Imipramine, a tricyclic antidepressants, improves storage LUTS and DO at the cost of not negligible side-effects. Antidepressants selective serotonin reuptake inhibitors, such as escitalopram, are under evaluation for efficacy in OAB patients[30].

Duloxetine, an antidepressant acting as a selective serotonin-norepinephrine reuptake inhibitor (SNRI) and approved for the treatment of stress urinary incontinence for its stimulatory activity on external urethral sphincter, demonstrated significant efficacy compared to placebo in relieving urinary symptoms in women with OAB[31]. However, the side-effects of this compound significantly limit patient’s compliance.

Based on animal experiments showing that besipirdine, a SNRI that interacts also with α1 (agonist) and α2 (antagonist) receptors, significantly and dose-dependently improves storage function and external urethral sphincter activity[32], a human proof-of-concept study has been initiated by UroGene in patients with storage LUTS[33].

Serotonin receptors agonists

Increasing evidence indicates that serotonin [5-hydroxytryptamine (5-HT)] is involved in a complex way in the control of micturition at central and peripheral sites, with both inhibitory and facilitatory effects[34-41], although the serotonergic pathway generally enhances urine storage by facilitating the vesical sympathetic reflex pathway and inhibiting the parasympathetic voiding pathway.

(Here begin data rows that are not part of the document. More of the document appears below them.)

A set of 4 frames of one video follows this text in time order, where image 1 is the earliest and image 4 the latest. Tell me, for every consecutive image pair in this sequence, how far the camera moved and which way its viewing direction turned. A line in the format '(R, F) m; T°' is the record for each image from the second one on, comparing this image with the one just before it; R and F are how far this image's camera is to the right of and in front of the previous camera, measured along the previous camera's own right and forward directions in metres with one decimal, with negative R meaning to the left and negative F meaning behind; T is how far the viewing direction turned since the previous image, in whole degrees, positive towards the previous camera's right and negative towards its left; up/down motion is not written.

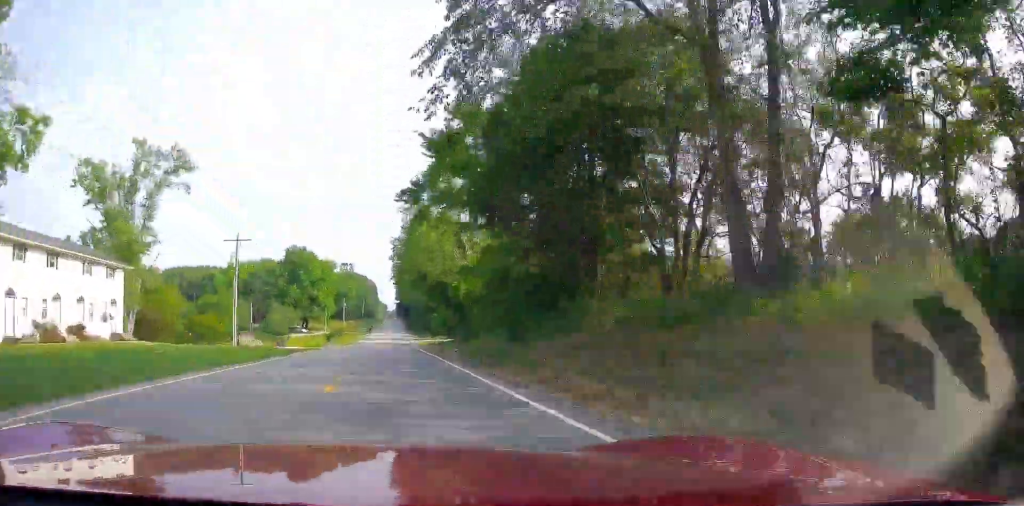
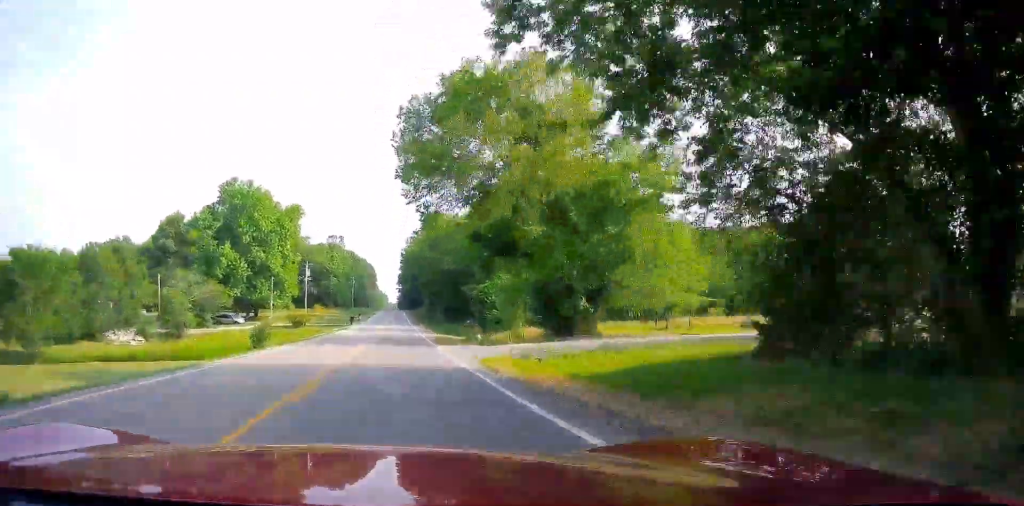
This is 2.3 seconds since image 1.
(0.0, +62.8) m; +1°
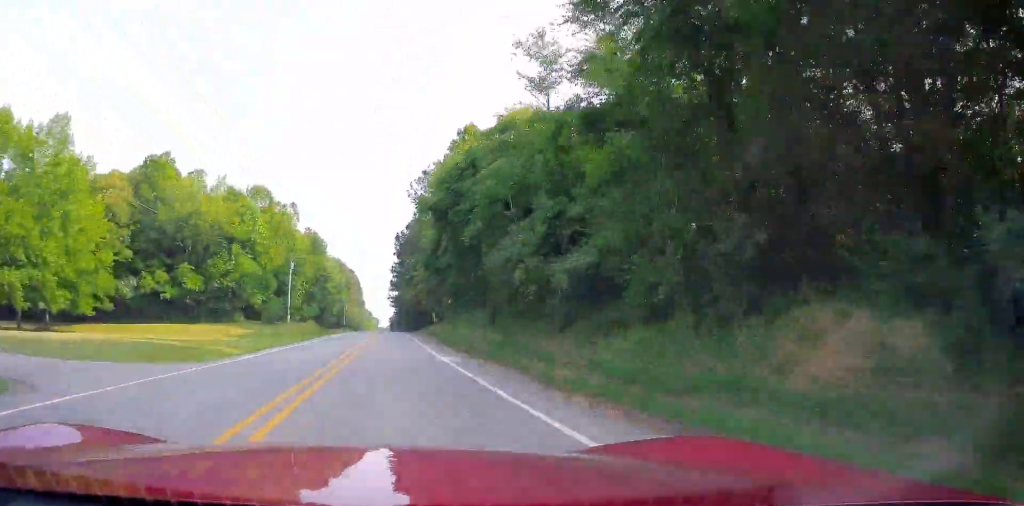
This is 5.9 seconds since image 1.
(+0.7, +94.7) m; 0°
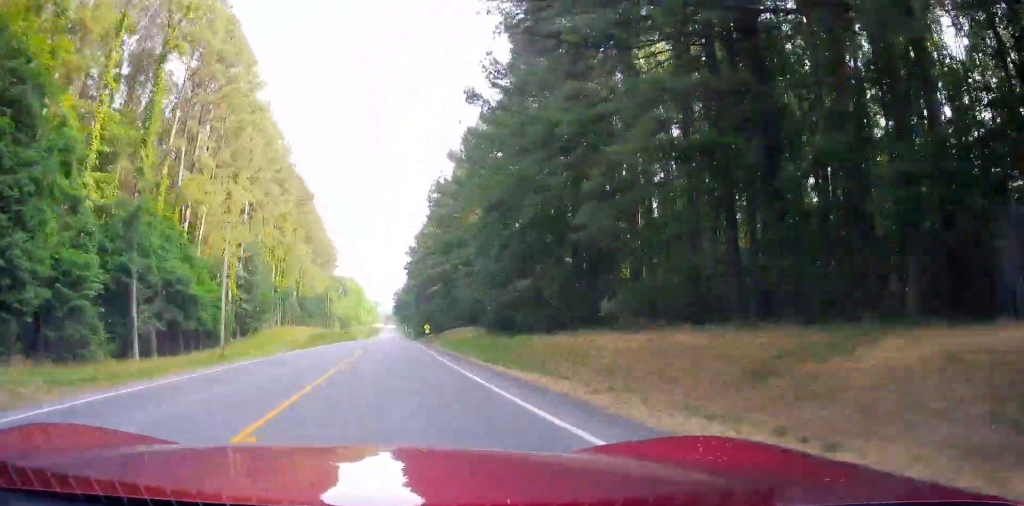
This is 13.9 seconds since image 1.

The 5-HT1A receptor agonist 8-OH-DPAT has been investigated in alpha-chloralose anesthetized or conscious chronic SCI cats[37]. This compound significantly increased the bladder volume threshold for eliciting a large amplitude micturition contraction, but only slightly reduced the amplitude of the contractions, indicating that drugs that activate 5-HT1A receptors might be useful in treating NDO after SCI. 8-OH-DPAT also improved voiding efficiency and maximum intravesical pressure, and enhanced the external urethral sphincter tonic and bursting activity in a rat model of incomplete cauda equina/conus medullaris injury[38].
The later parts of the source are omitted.